1. THIS VIF IS SOLICITED BY MANAGEMENT OF THE COMPANY.

2. THIS VIF SHOULD BE READ IN CONJUNCTION WITH THE MEETING MATERIALS PRIOR TO VOTING.

  1. If you appoint the Management Nominees to vote your securities, they will vote in accordance with your instructions or, if no instructions are given, in accordance with the management voting recommendations highlighted for each resolution on the reverse. If you appoint someone else to vote your securities, they will also vote in accordance with your instructions or, if no instructions are given, as they in their discretion choose.

  2. Each security holder has the right to appoint a person other than the Management Nominees specified herein to represent them at the Meeting or any adjournment or postponement thereof.

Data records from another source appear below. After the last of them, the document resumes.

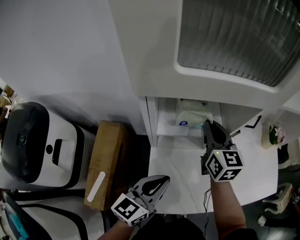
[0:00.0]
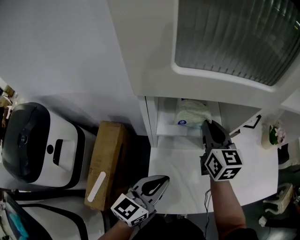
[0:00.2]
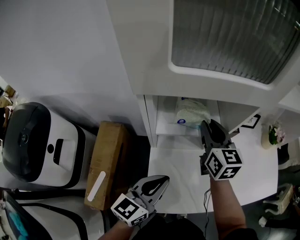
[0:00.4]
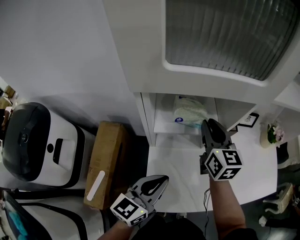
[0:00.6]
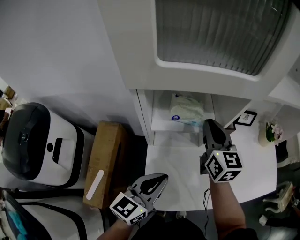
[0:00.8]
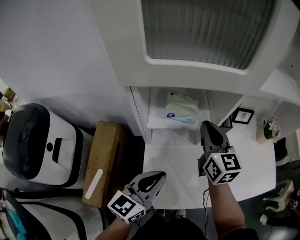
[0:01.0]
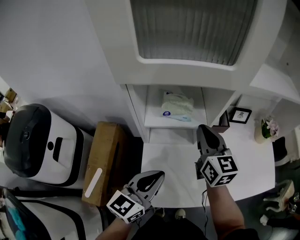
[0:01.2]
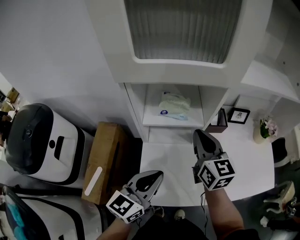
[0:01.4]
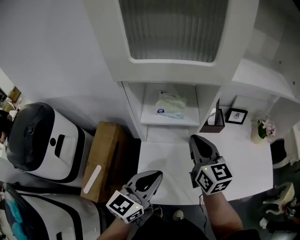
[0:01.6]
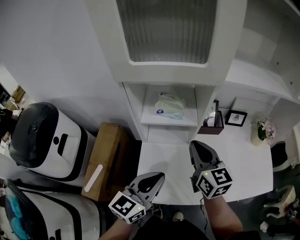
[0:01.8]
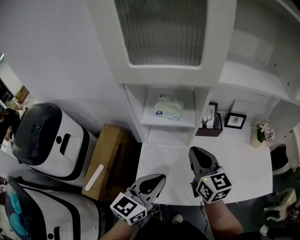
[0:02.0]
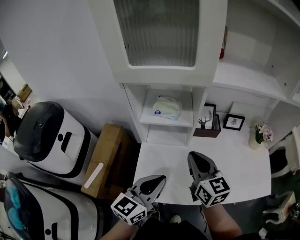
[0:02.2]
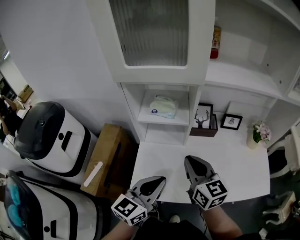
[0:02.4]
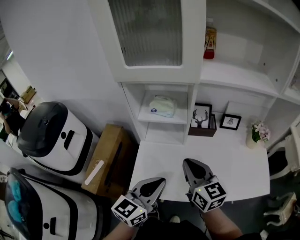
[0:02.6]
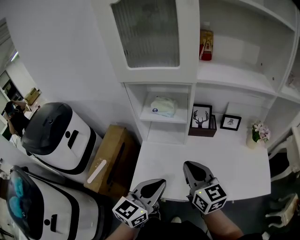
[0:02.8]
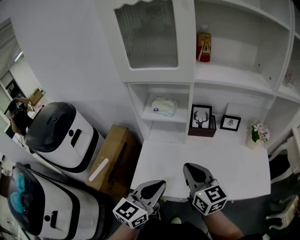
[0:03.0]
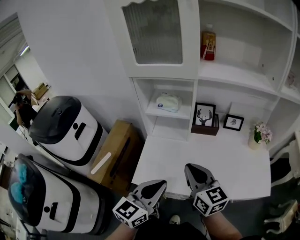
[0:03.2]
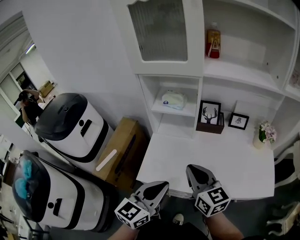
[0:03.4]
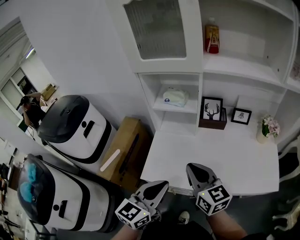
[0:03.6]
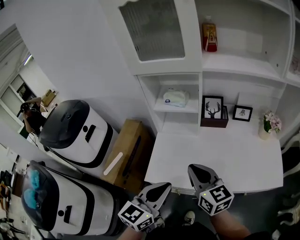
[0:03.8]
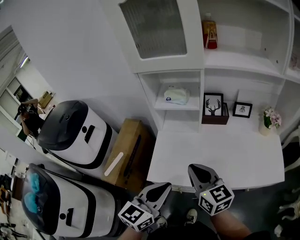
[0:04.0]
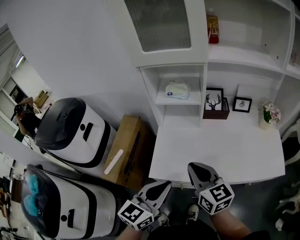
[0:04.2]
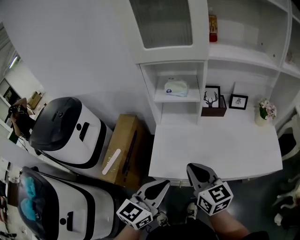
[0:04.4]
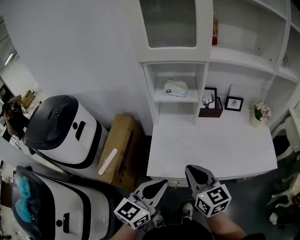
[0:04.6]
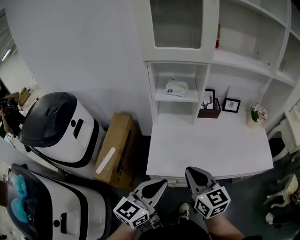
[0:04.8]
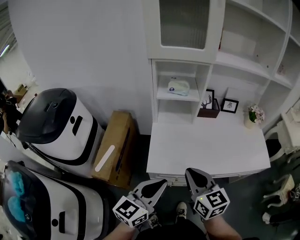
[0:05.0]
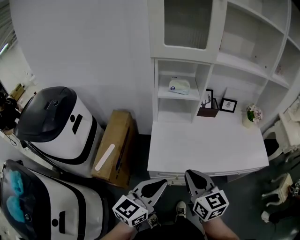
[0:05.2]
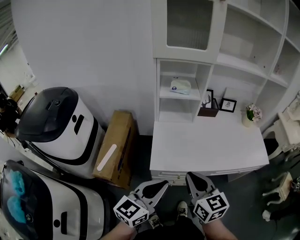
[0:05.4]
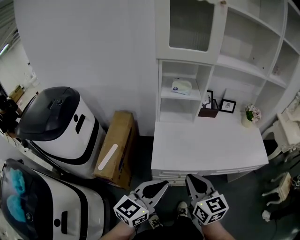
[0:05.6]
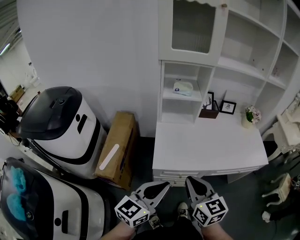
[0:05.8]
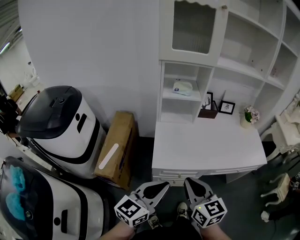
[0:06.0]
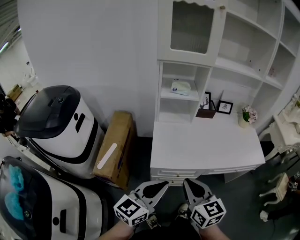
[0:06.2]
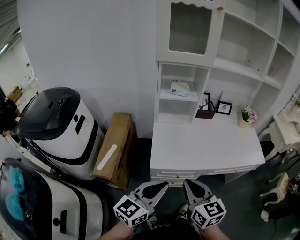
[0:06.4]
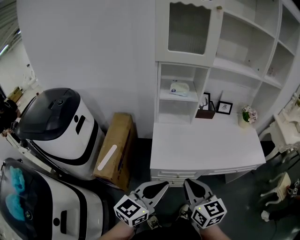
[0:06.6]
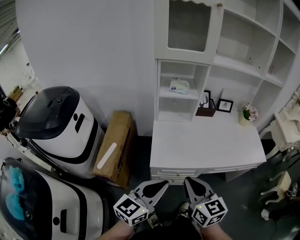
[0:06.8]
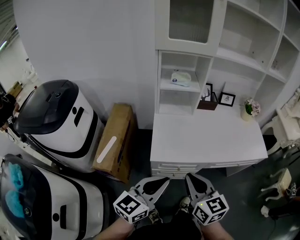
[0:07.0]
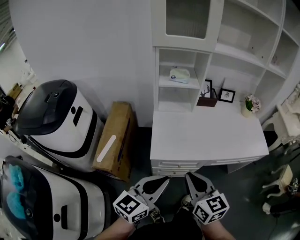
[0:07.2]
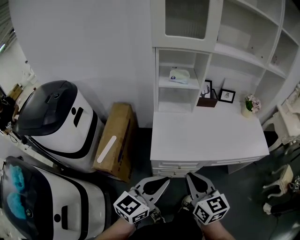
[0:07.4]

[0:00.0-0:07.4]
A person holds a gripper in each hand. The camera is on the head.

Such right may be exercised by inserting in the space labeled “ Please print appointee name ”, the name of the person to be appointed, who need not be a security holder of the Company.

  3. To be valid, this VIF should be signed in the exact manner as the name appears on the VIF. If the VIF is not dated, it is deemed to bear the date of its mailing to the security holders of the Company.

  4. To be valid, this VIF must be filed using one of the voting methods and must be received by Olympia Trust Company before the date noted on the reverse, or in the case of any adjournment or postponement of the Meeting not less than 48 hours (Saturdays, Sundays and holidays excepted) before the time of the adjourned or postponed meeting.

  5. Guidelines for proper execution of the VIF are available at www.stac.ca. Please refer to the proxy protocol.